→ **Data extracts**:
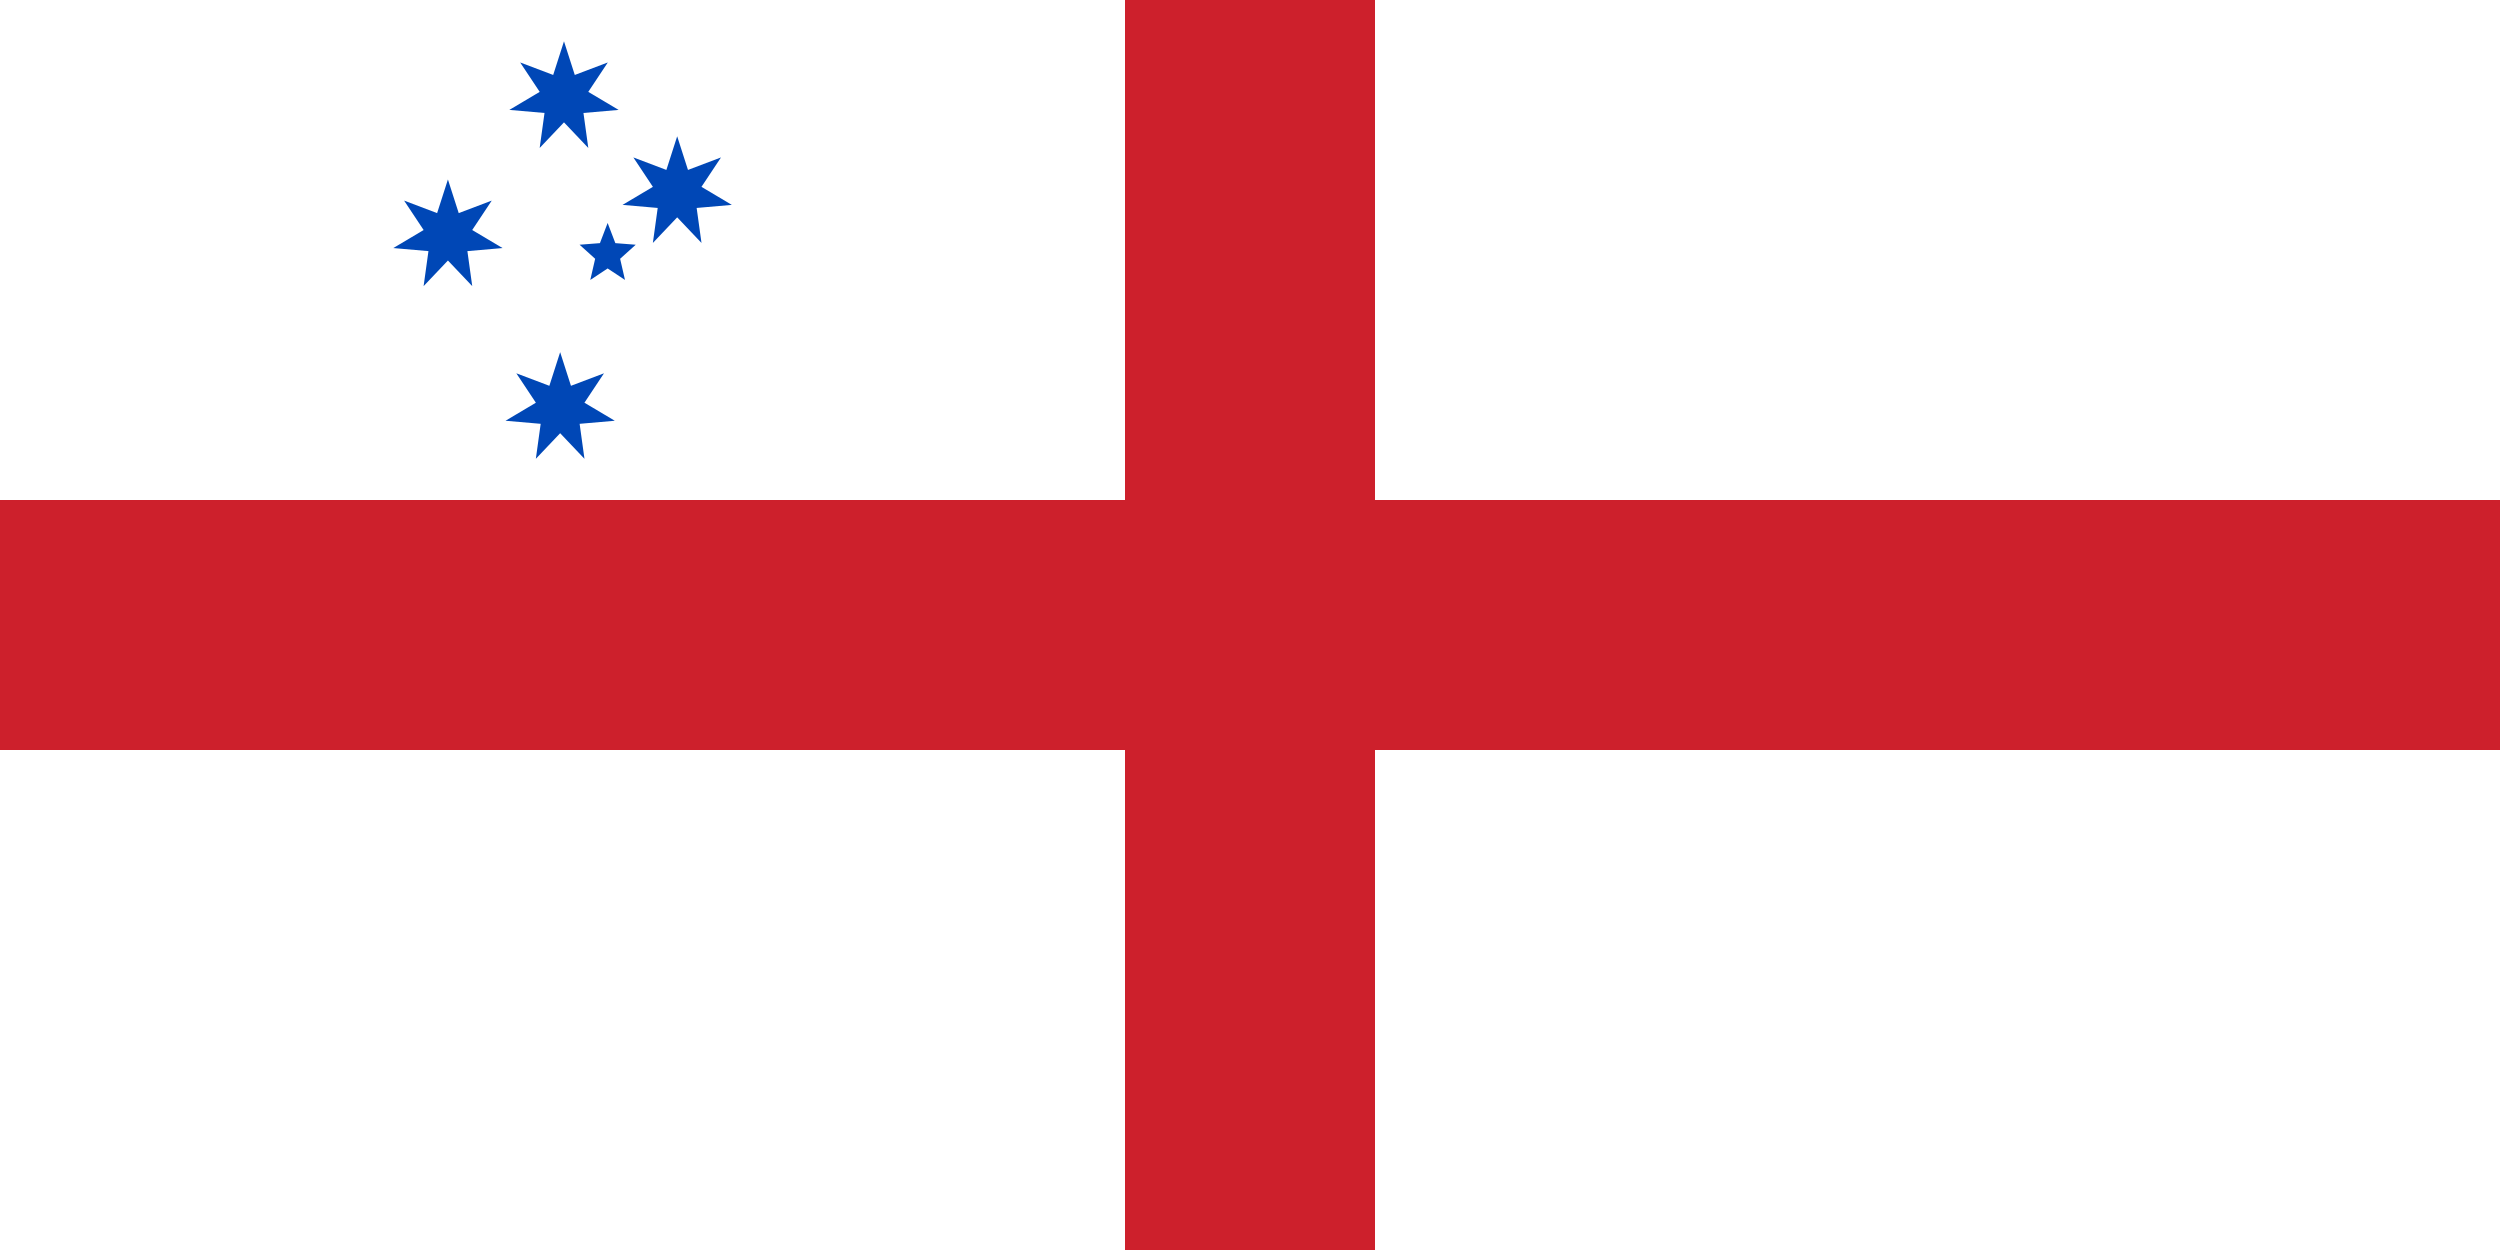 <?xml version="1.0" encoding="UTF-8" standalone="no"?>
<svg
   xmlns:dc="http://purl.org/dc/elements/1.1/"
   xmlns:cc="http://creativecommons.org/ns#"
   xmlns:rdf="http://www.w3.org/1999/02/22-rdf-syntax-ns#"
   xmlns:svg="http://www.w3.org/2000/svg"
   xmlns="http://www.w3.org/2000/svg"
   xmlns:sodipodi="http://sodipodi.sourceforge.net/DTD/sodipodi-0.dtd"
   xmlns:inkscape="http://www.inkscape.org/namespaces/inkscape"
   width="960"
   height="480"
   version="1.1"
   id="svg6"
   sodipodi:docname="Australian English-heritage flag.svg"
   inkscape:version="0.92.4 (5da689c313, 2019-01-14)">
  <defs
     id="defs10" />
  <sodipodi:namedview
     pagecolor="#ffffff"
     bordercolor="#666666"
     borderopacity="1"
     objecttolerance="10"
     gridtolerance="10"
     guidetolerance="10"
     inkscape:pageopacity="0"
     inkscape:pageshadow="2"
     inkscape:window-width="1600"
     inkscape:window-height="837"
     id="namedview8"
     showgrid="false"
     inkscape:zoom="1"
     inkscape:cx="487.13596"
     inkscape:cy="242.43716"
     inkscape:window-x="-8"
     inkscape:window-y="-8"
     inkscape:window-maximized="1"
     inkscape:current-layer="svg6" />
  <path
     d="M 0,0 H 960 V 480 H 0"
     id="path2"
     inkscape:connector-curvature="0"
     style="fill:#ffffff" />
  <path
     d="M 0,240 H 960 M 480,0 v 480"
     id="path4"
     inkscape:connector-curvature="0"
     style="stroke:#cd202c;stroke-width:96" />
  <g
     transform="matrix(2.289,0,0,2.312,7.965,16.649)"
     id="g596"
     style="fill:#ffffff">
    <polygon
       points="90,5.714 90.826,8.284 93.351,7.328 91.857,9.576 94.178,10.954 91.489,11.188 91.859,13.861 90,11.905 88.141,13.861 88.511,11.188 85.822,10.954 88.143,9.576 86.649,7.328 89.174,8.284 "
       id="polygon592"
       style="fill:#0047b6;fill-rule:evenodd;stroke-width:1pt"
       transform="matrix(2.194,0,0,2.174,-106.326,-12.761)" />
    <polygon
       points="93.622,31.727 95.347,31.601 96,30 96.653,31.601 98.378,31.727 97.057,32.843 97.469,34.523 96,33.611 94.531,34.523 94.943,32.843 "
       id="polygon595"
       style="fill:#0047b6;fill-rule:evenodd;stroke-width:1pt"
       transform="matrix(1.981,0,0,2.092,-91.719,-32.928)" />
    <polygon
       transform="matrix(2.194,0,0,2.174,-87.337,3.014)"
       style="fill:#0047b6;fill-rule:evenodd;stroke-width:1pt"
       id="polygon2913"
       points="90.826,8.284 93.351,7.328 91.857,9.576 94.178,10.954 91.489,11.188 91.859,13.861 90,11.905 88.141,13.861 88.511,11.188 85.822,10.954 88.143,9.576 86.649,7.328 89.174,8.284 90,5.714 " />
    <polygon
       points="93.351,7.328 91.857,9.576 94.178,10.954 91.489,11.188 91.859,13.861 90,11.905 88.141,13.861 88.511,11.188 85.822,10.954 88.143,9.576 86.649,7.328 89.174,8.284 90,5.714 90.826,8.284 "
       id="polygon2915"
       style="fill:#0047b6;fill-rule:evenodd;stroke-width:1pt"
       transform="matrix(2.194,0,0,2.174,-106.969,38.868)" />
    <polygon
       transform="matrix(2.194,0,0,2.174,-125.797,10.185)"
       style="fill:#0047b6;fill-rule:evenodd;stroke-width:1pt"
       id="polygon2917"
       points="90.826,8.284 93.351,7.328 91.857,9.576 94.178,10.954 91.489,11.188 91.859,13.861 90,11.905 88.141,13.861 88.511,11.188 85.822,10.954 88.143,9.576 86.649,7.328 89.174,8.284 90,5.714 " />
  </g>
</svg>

→ **What the exercise asks**: Check the entries above line by line and return each one containing the word "matrix".

→ **Response below**:
     transform="matrix(2.289,0,0,2.312,7.965,16.649)"
       transform="matrix(2.194,0,0,2.174,-106.326,-12.761)" />
       transform="matrix(1.981,0,0,2.092,-91.719,-32.928)" />
       transform="matrix(2.194,0,0,2.174,-87.337,3.014)"
       transform="matrix(2.194,0,0,2.174,-106.969,38.868)" />
       transform="matrix(2.194,0,0,2.174,-125.797,10.185)"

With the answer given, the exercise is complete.